The distinction between first-party and third-party claims affects available remedies. In first-party cases, extra-contractual damages typically require a showing of intentional or reckless conduct. In third-party excess-verdict cases, the standard is often lower — the insurer's failure to accept a reasonable settlement within limits may be sufficient to establish liability for the entire judgment.
Common Scenarios
Bad faith allegations concentrate around a recurring set of adjuster and insurer behaviors.
Unreasonable denial without investigation — Closing a claim as fraudulent or excluded without completing a documented investigation. This scenario intersects with insurance fraud investigation services, where a failure to follow established investigative protocols can itself support a bad faith finding.
Low-ball estimating — Issuing a settlement offer substantially below documented repair or replacement costs. When adjusters use estimating platforms such as those described at Xactimate and Estimating Software in Adjusting, deviation from the platform's published pricing databases without documented justification can serve as evidence of undervaluation.
Delay tactics — Requesting unnecessary documentation, cycling through multiple adjusters, or repeatedly requesting the same records to extend the adjustment period beyond statutory deadlines.
Failure to communicate coverage positions — Leaving policyholders without a denial or acceptance for periods exceeding statutory limits, effectively forcing litigation. Policyholder rights during this process are outlined at Policyholder Rights in the Claims Process.
Misrepresentation of policy terms — Citing policy exclusions that do not apply, or misstating coverage limits to discourage claims.

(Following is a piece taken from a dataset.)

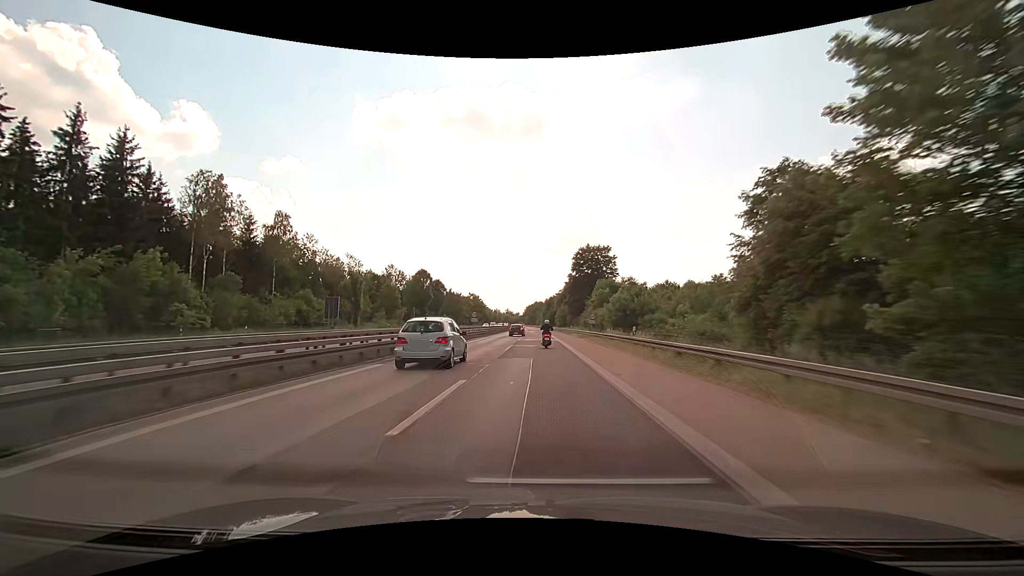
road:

Inadequate appraisal participation — Obstructing or refusing to engage in the contractual appraisal process in bad faith. The insurance appraisal process is a mandatory alternative dispute mechanism in most property policies, and interference with it is independently sanctionable.
Decision Boundaries
The line between aggressive claims handling and actionable bad faith is fact-specific, but regulatory standards and case law have established identifiable markers.
Permissible conduct:
- Requesting documented proof of loss and supporting records within reasonable timeframes
- Retaining independent experts to evaluate causation or scope of damage
- Denying a claim on a legitimate, documented coverage ground even when the policyholder disagrees
- Negotiating toward a lower settlement figure when accompanied by a written, evidence-based rationale
Conduct crossing into bad faith:
- Denying a claim with no file documentation supporting the denial rationale
- Settling one portion of a claim to obtain a release on a disputed portion without disclosure
- Threatening litigation to coerce a policyholder into accepting a reduced settlement
- Ignoring an independent adjuster's or appraiser's findings without documented basis
The NAIC Model Unfair Claims Settlement Practices Act identifies 16 specific prohibited practices at §4, including failing to adopt and implement reasonable standards for prompt investigation, misrepresenting pertinent facts, and compelling insureds to litigate by offering substantially less than amounts ultimately recovered (Model Law 900).
State courts apply a "reasonableness" standard in most bad faith evaluations: whether the insurer's position was reasonable under the facts known at the time of the claim decision, not in hindsight. A minority of states — including California under Insurance Code §790.03 — codify specific unfair claims settlement practices as statutory violations independent of the common-law bad faith tort, creating parallel enforcement tracks through both civil litigation and insurance department disciplinary proceedings.
Adjuster licensing status is also relevant: an unlicensed adjuster handling a claim, or a licensed adjuster whose conduct violates state continuing education or ethical requirements, faces an additional layer of regulatory exposure. Licensing obligations are covered at Adjuster Licensing Requirements by State.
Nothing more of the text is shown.